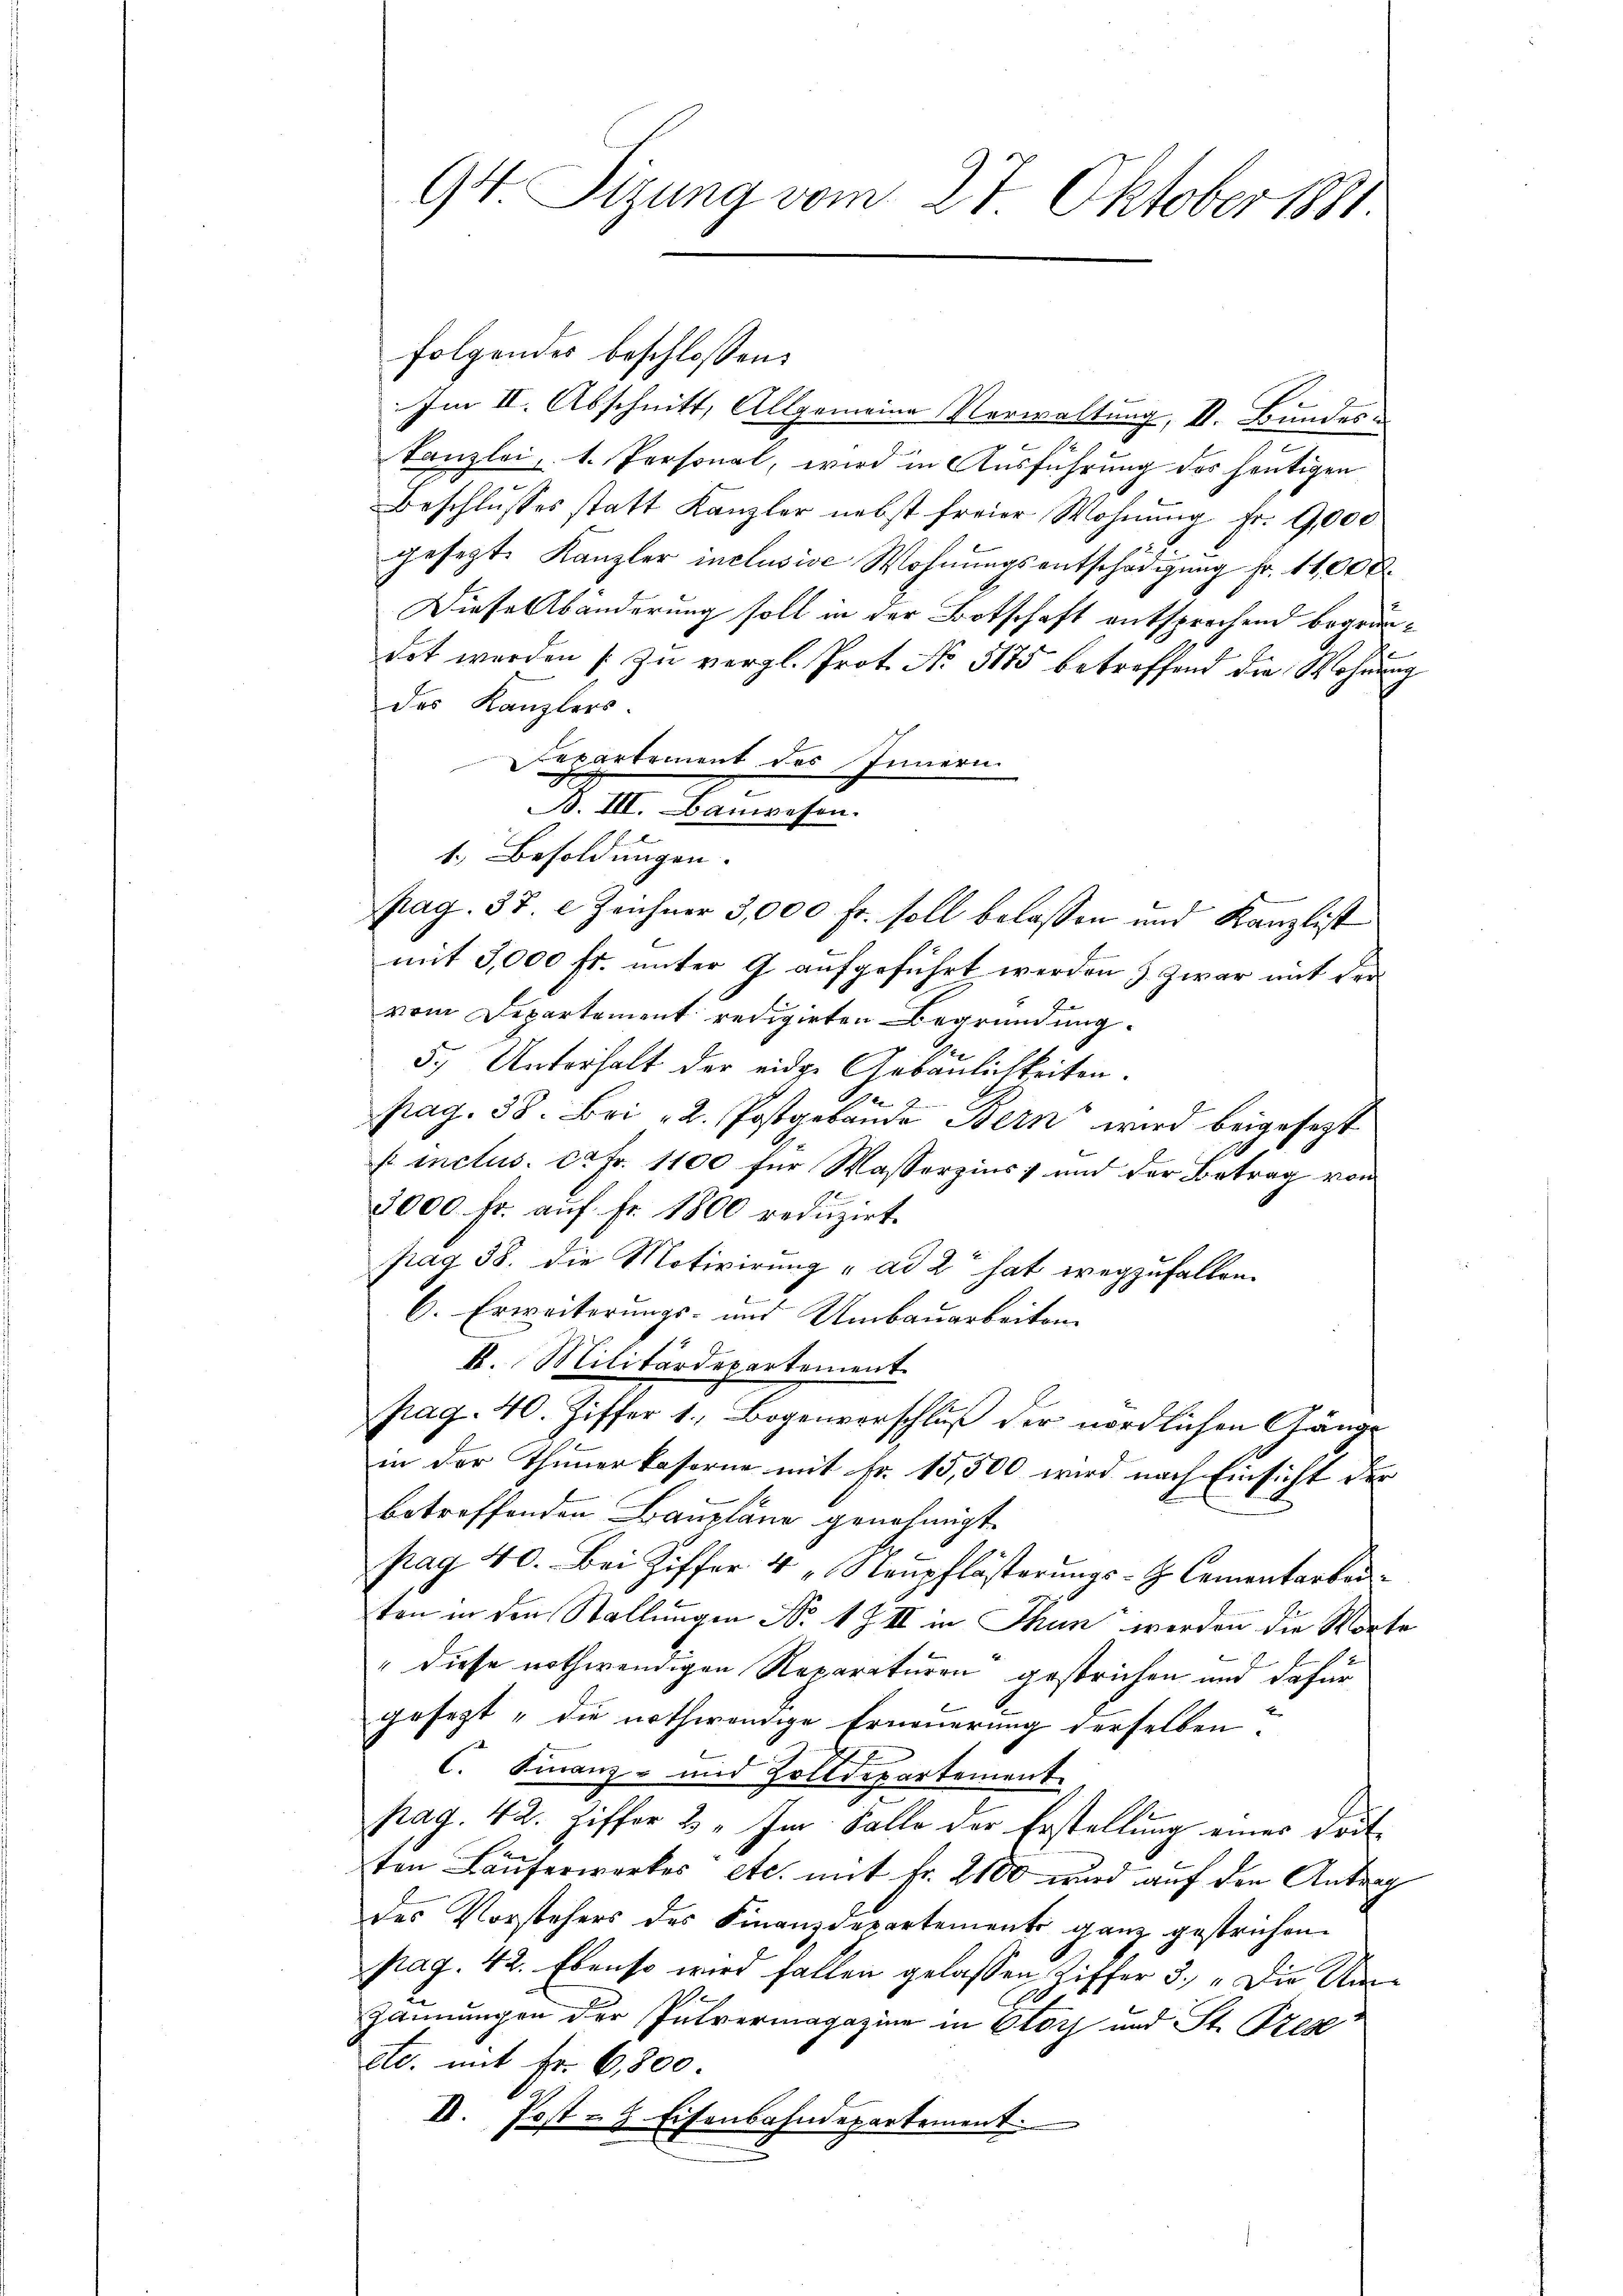
94 Sizung vom 27. Oktober 1881.

folgendes beschlossen:
Im II. Abschnitt, Allgemeine Verwaltung, II. Bundeskanzlei, 1. Personal, wird in Ausführung des heutigen
Beschlŭsses statt Kanzler nebst freier Wohnŭng fr. 9,000
gesezt. Kanzler inclusive Wohnungsentschädigung fr. 11,000.
Diese Abänderung soll in der Botschaft entsprechend begründet werden zŭ vergl. Prot. No. 5175 betreffend die Wohnŭng
des Kanzlers.
Repartement des Innern
. II. Kreimachen
1.) Besoldungen.
pag. 37. e Zeichner 3,000 fr. soll belassen und Kanzlist
mit 3,000 fr. unter 9 aufgeführt werden & zwar mit der
vom Departement redigirten Begründung.
5.) Unterhalt der eidge Gebäulichkeiten.
pag. 38. Bri 2. Postgebäŭde Bern wird beigesezt
 inclus. ca Fr. 1100 für Wasserzins und der Betrag von
2000 fr. auf Fr. 1800 reduzirt.
pag. 38. die Motivirung ad 2 hat wegzufallen.
6. Erweiterungs- und Umbauarbeiten
K. Militärdepartement
pag. 40. Ziffer 1. Begenverschluß der nördlichen Gänge
in der Thimmerkaserne mit Fr. 15,500 wird nach Einsicht der
betreffenden Baupläne genehmigt.
pag. 40. Bei Ziffer 4 "Neupflästerungs-G. Cementarbeiten in den Stellungen No 1 Z II in Thun werden die Worte
" diese nothwendigen Reparaturen gestrichen und dafür
gesezt "die nothwendige Erneuerung derselben.
C. Finanz- und Zolldepartement
pag. 42. Ziffer 2. Im Falle der Erstellung eines Drit
ten Läuferwerkes etc. mit fr. 2100 wird auf den Antrag
des Vorstehers des Finanzdepartement ganz gestrichen.
pag. 42. Ebenso wird fallen gelassen Ziffer 3. „Die Win¬
1.
Zannungen der Intrermagazine in Otör und St. Gege
etc. mit Fr. 6,800
II. Post- & Eisenbahndepartement.

WORK TO COMPLETE
What the answer must hold: all the data above, given again exactly, without pictures.

TASK SOLUTION
94 Sizung vom 27. Oktober 1881.

folgendes beschlossen:
Im II. Abschnitt, Allgemeine Verwaltung, II. Bundeskanzlei, 1. Personal, wird in Ausführung des heutigen
Beschlŭsses statt Kanzler nebst freier Wohnŭng fr. 9,000
gesezt. Kanzler inclusive Wohnungsentschädigung fr. 11,000.
Diese Abänderung soll in der Botschaft entsprechend begründet werden zŭ vergl. Prot. No. 5175 betreffend die Wohnŭng
des Kanzlers.
Repartement des Innern
. II. Kreimachen
1.) Besoldungen.
pag. 37. e Zeichner 3,000 fr. soll belassen und Kanzlist
mit 3,000 fr. unter 9 aufgeführt werden & zwar mit der
vom Departement redigirten Begründung.
5.) Unterhalt der eidge Gebäulichkeiten.
pag. 38. Bri 2. Postgebäŭde Bern wird beigesezt
 inclus. ca Fr. 1100 für Wasserzins und der Betrag von
2000 fr. auf Fr. 1800 reduzirt.
pag. 38. die Motivirung ad 2 hat wegzufallen.
6. Erweiterungs- und Umbauarbeiten
K. Militärdepartement
pag. 40. Ziffer 1. Begenverschluß der nördlichen Gänge
in der Thimmerkaserne mit Fr. 15,500 wird nach Einsicht der
betreffenden Baupläne genehmigt.
pag. 40. Bei Ziffer 4 "Neupflästerungs-G. Cementarbeiten in den Stellungen No 1 Z II in Thun werden die Worte
" diese nothwendigen Reparaturen gestrichen und dafür
gesezt "die nothwendige Erneuerung derselben.
C. Finanz- und Zolldepartement
pag. 42. Ziffer 2. Im Falle der Erstellung eines Drit
ten Läuferwerkes etc. mit fr. 2100 wird auf den Antrag
des Vorstehers des Finanzdepartement ganz gestrichen.
pag. 42. Ebenso wird fallen gelassen Ziffer 3. „Die Win¬
1.
Zannungen der Intrermagazine in Otör und St. Gege
etc. mit Fr. 6,800
II. Post- & Eisenbahndepartement.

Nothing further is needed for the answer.